Stored data:
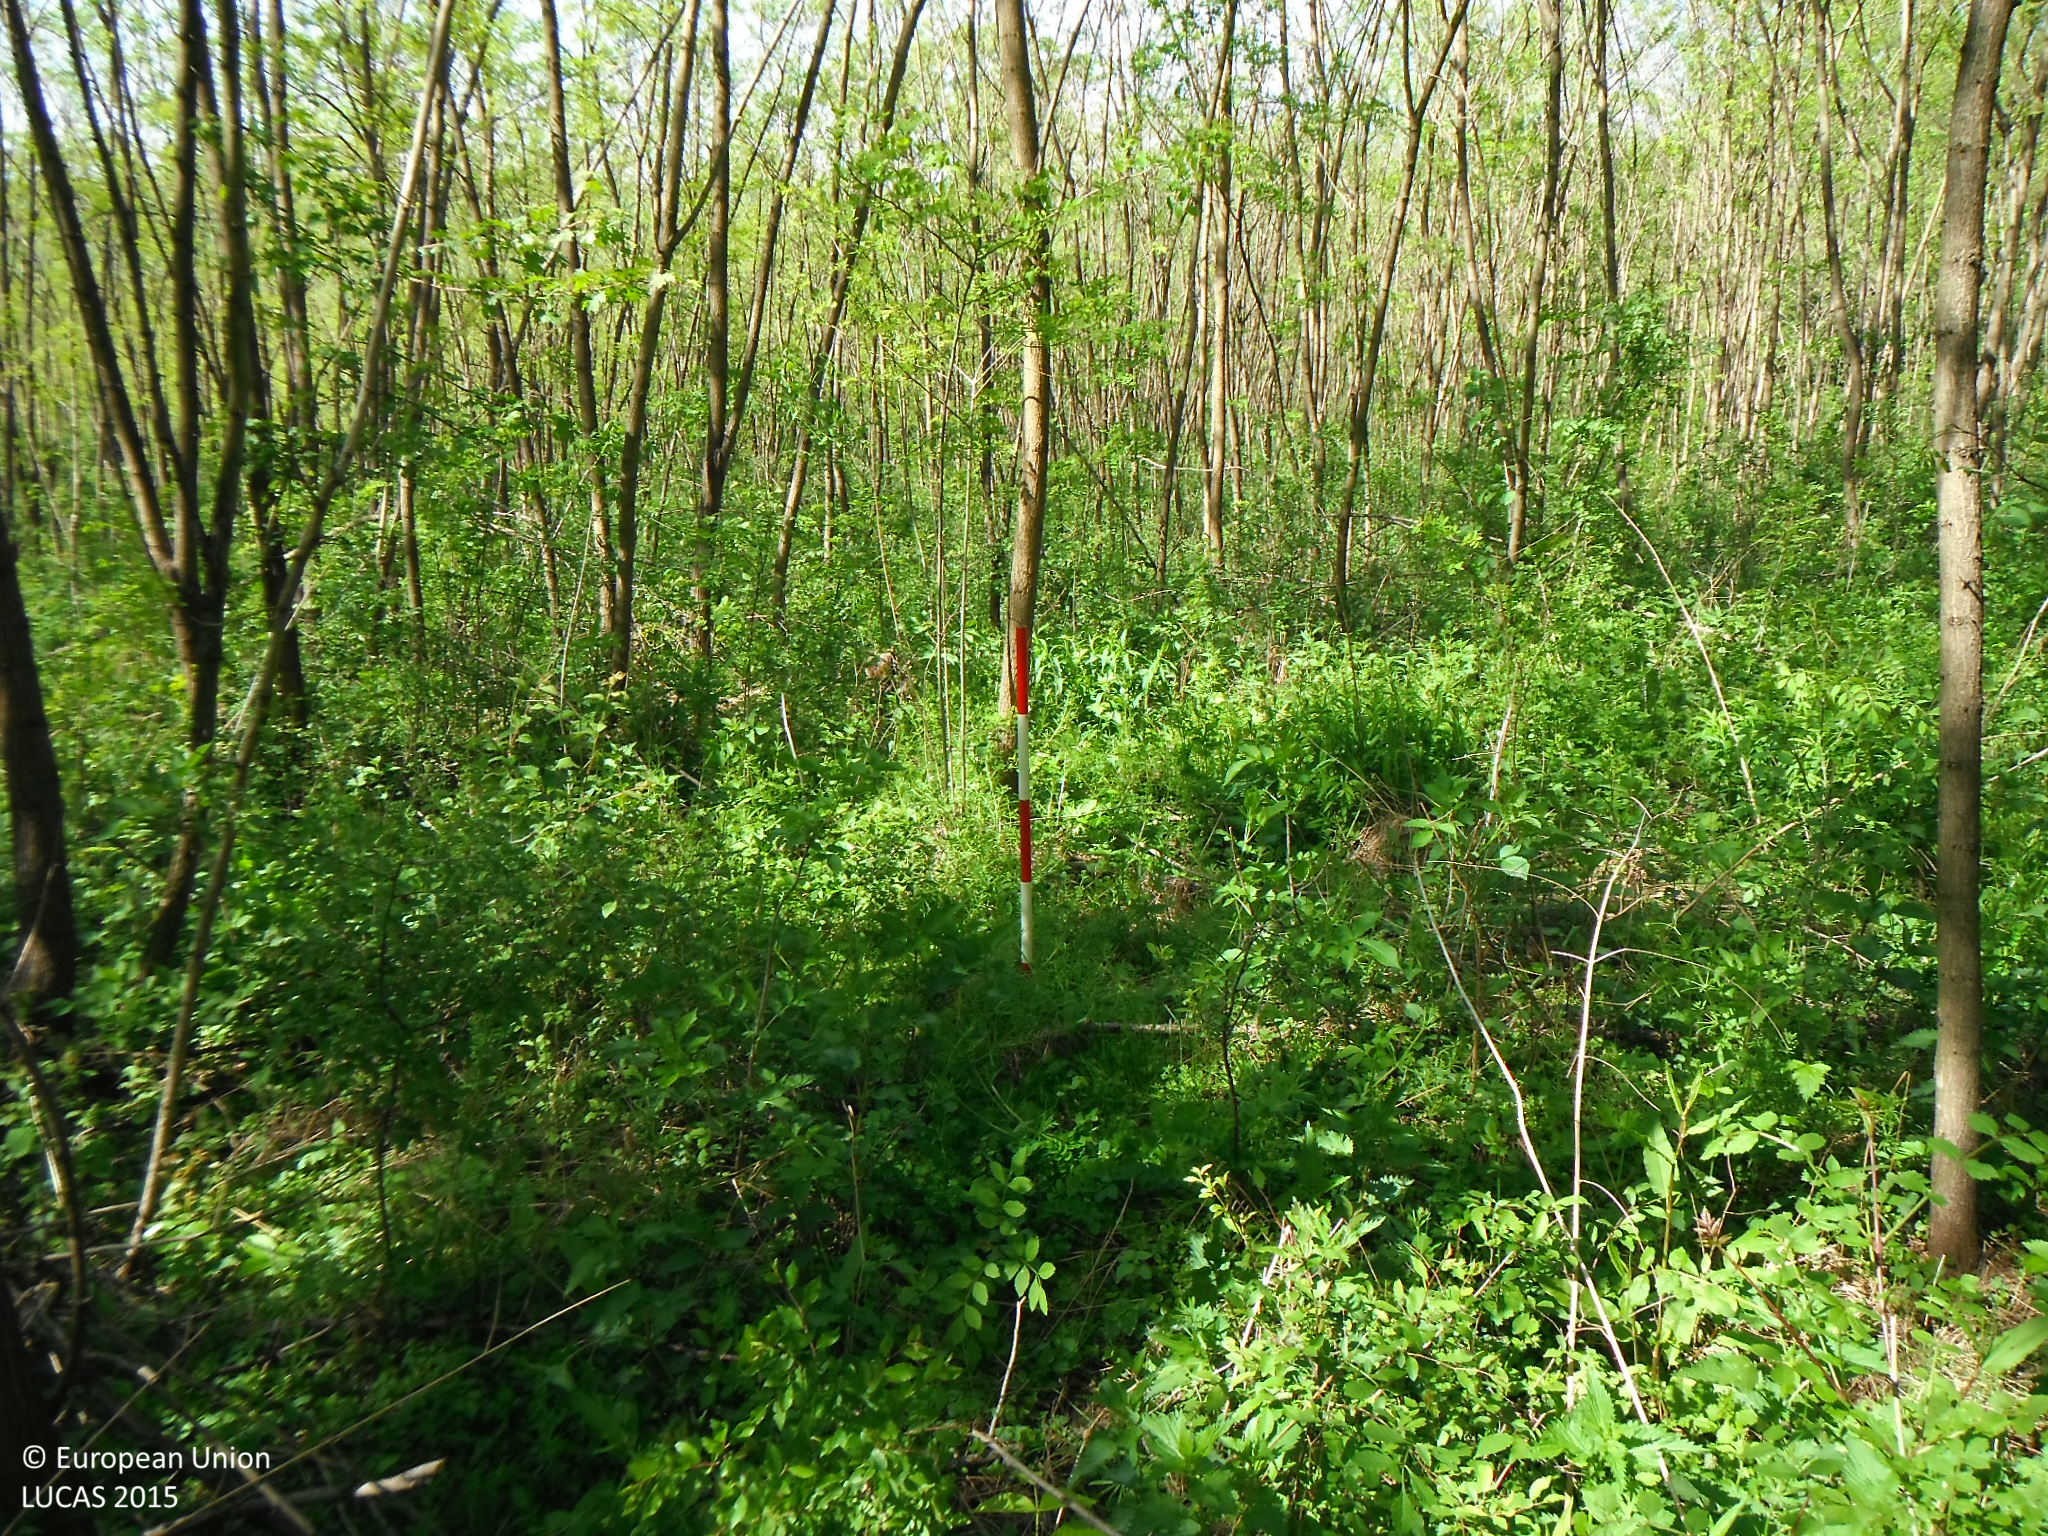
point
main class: Woodland
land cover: Broadleaved woodland
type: exotic forest
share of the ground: > 75 %
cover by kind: broadleaved forest trees 80 %, herbaceous plants 20 %
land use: Forestry
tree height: > 5 m
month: May
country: SK
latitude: 48.4940
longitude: 21.1250

Task prompt:
An exact copy of each entry is required, minus the pictures.

Output below:
point
main class: Woodland
land cover: Broadleaved woodland
type: exotic forest
share of the ground: > 75 %
cover by kind: broadleaved forest trees 80 %, herbaceous plants 20 %
land use: Forestry
tree height: > 5 m
month: May
country: SK
latitude: 48.4940
longitude: 21.1250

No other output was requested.